Pere J C, Begaud B, Haramburu F, Albin H
Clin Pharmacol Ther. 1986 Oct;40(4):451-61. doi: 10.1038/clpt.1986.206.
Several standardized assessment procedures are currently used in the evaluation of adverse drug reactions (ADRs). Disagreement in rating ADRs can result from between-raters variability and between-methods differences in weighting the evidence. We eliminated between-raters variability by computer simulation of 1134 ADRs (including all the possible combinations of criteria currently used) and by automatic rating using different algorithms adapted from six published methods. Percentage agreement (Po) and weighted kappa test (kappa w) between pairs of methods are always better than with randomized scores, but the strength of agreement is only moderate (0.26 less than Po less than 0.59; 0.14 less than kappa w less than 0.51). The weightings of criteria are evaluated in terms of sensitivity, specificity, and predictive values. Criteria are neither sensitive (0.41 less than Se less than 0.70) nor specific (0.18 less than Sp less than 0.63) and have poor predictive values. Disagreements on weightings are considerable for three major criteria: timing of event, dechallenge, and alternative etiologic candidates. We discuss some ways of improving reliability of ADR diagnosis.

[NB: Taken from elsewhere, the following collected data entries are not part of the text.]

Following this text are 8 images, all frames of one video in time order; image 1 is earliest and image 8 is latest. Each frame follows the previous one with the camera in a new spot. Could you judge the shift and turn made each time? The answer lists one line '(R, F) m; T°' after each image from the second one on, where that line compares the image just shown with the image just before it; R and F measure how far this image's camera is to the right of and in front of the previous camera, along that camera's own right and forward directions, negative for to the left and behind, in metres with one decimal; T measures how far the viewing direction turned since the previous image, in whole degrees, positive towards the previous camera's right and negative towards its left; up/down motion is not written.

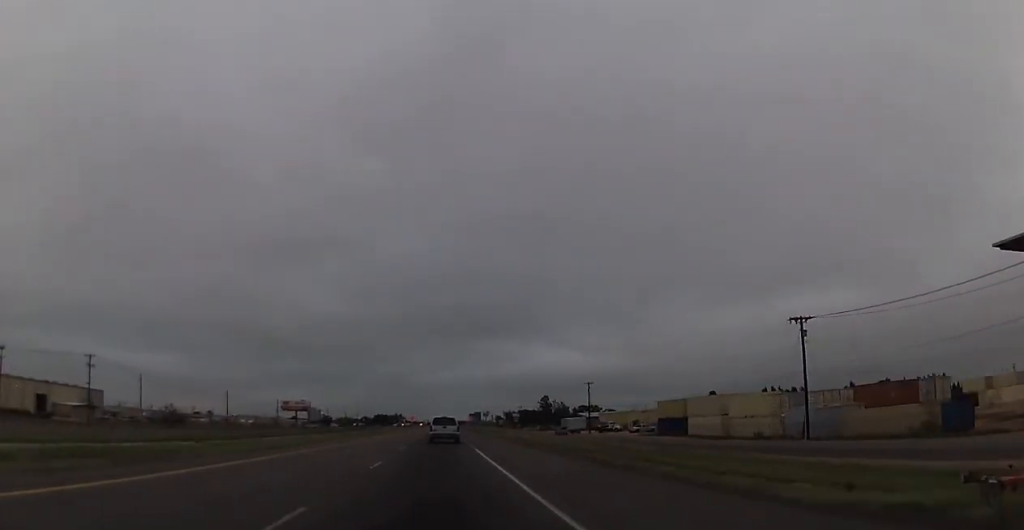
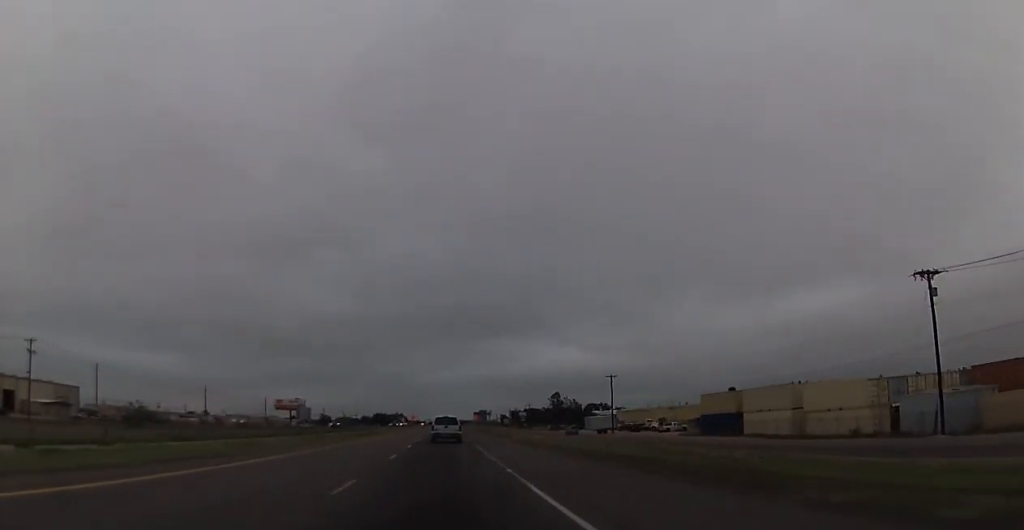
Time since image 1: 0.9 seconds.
(-0.1, +19.4) m; 0°
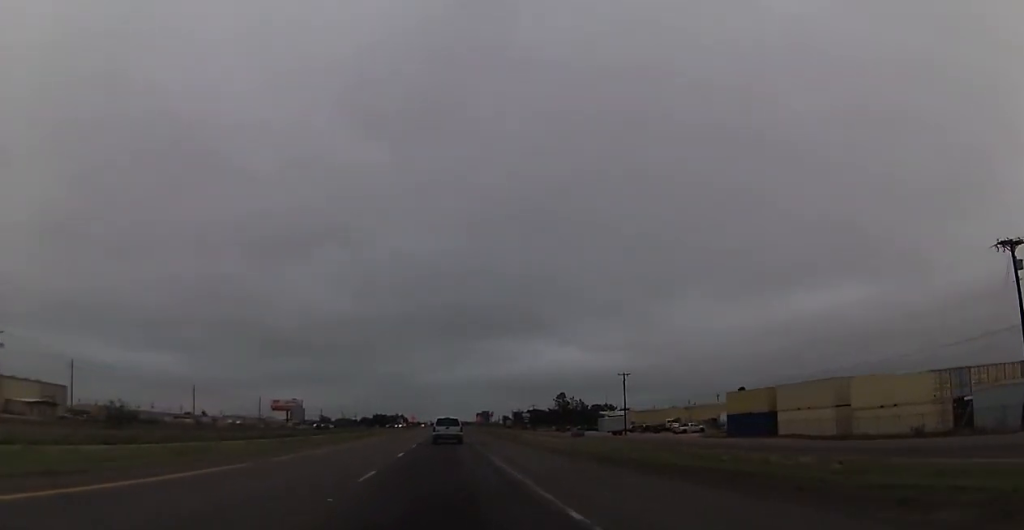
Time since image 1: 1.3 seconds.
(+0.2, +8.9) m; 0°
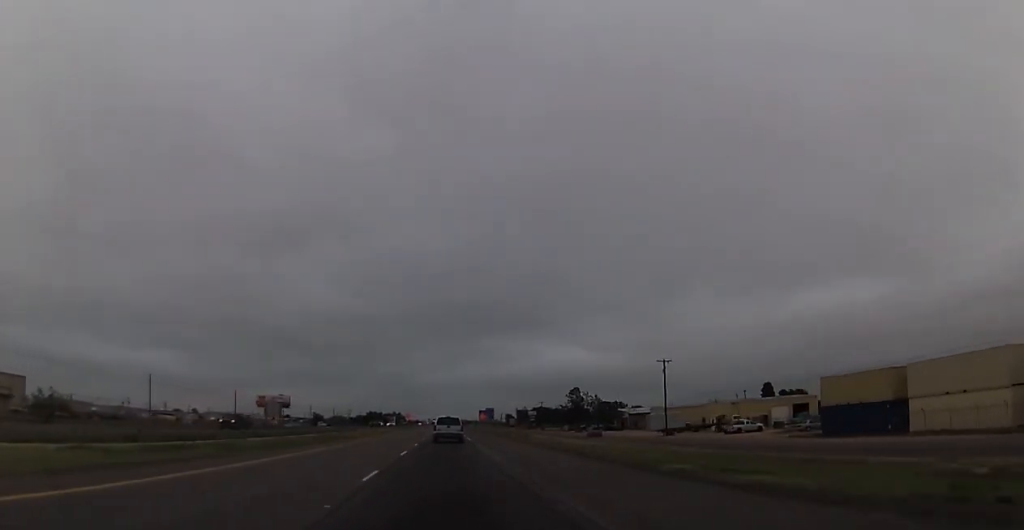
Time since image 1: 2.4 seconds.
(+0.1, +24.5) m; 0°
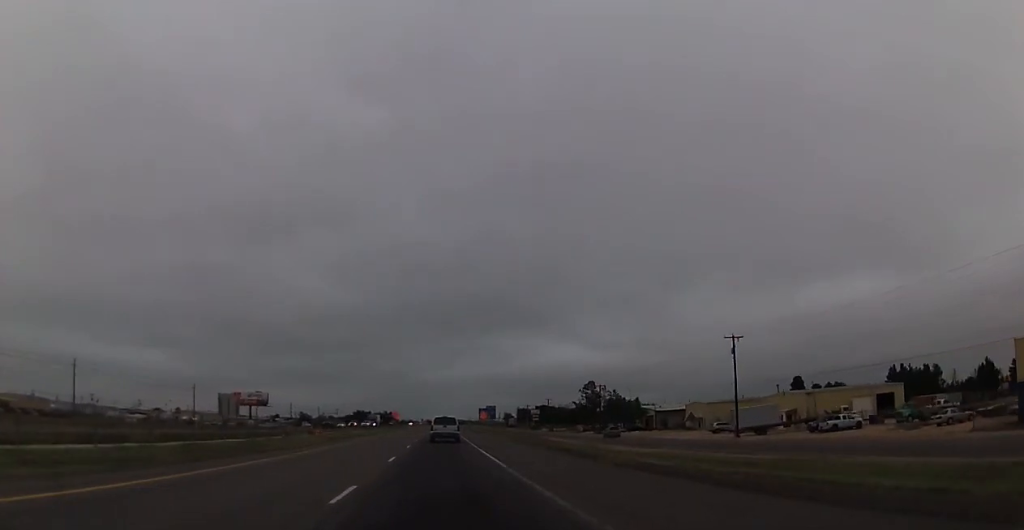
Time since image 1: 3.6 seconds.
(0.0, +28.2) m; -1°
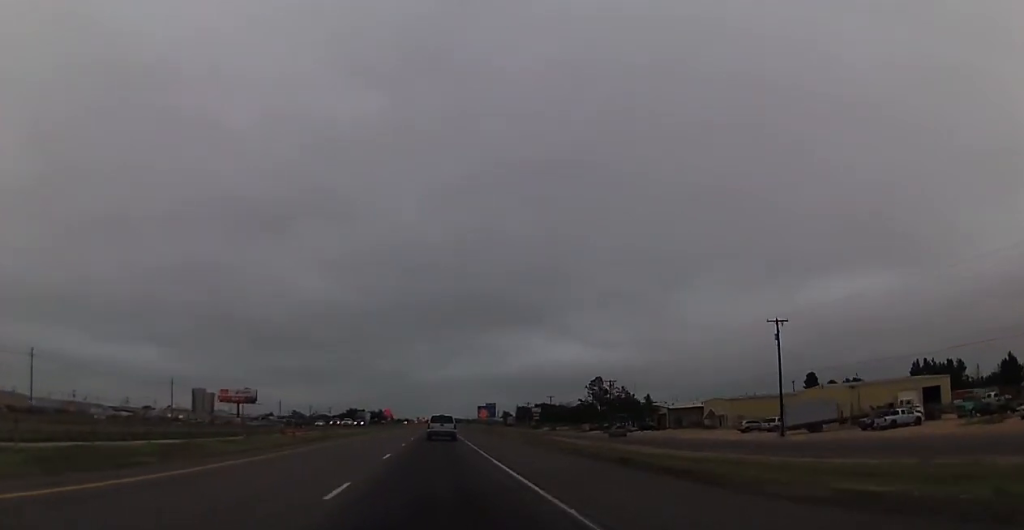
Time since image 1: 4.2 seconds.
(-0.3, +11.9) m; +1°
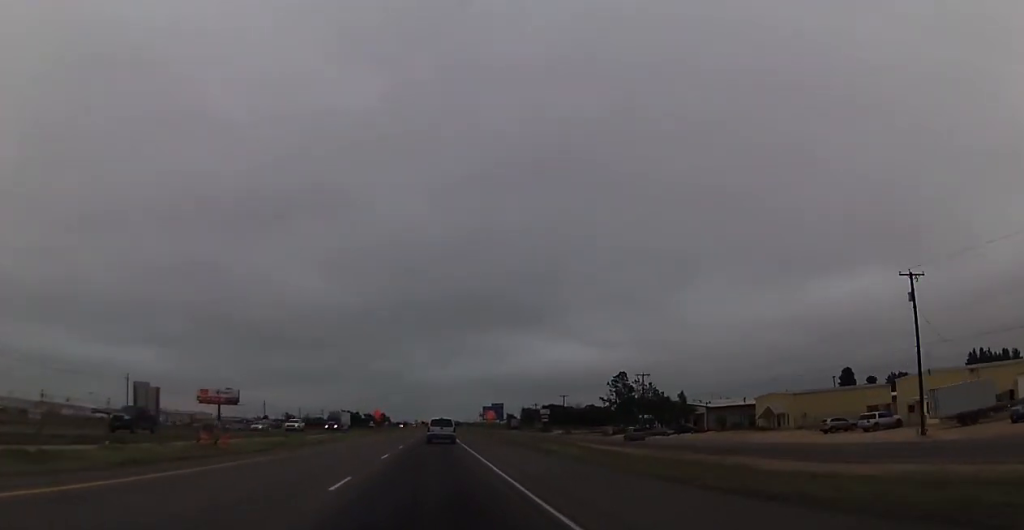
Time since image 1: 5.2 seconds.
(+0.4, +22.2) m; +1°
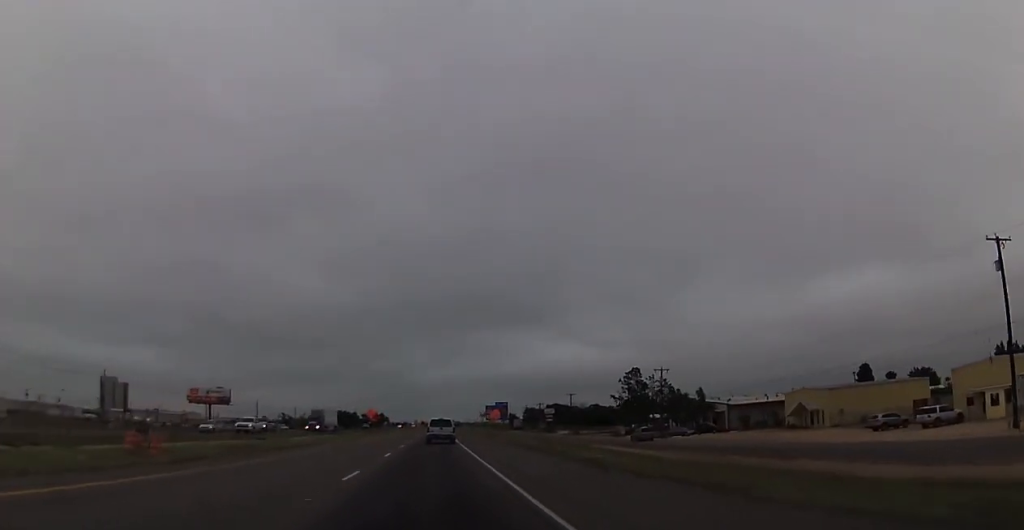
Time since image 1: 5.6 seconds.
(+0.2, +9.6) m; 0°

目前有几种标准化评估程序用于药物不良反应(ADR)的评估。ADR评级的分歧可能源于评估者之间的差异以及不同方法在权衡证据时的差异。我们通过对1134例ADR进行计算机模拟(包括当前使用的所有可能标准组合)以及使用从六种已发表方法改编的不同算法进行自动评级,消除了评估者之间的差异。成对方法之间的百分比一致性(Po)和加权kappa检验(kappa w)总是优于随机评分,但一致性强度仅为中等(0.26<Po<0.59;0.14<kappa w<0.51)。根据敏感性、特异性和预测值对标准的权重进行评估。标准既不敏感(0.41<Se<0.70)也不特异(0.18<Sp<0.63),且预测值较差。对于三个主要标准,即事件发生时间、撤药反应和其他病因候选因素,在权重方面存在相当大的分歧。我们讨论了一些提高ADR诊断可靠性的方法。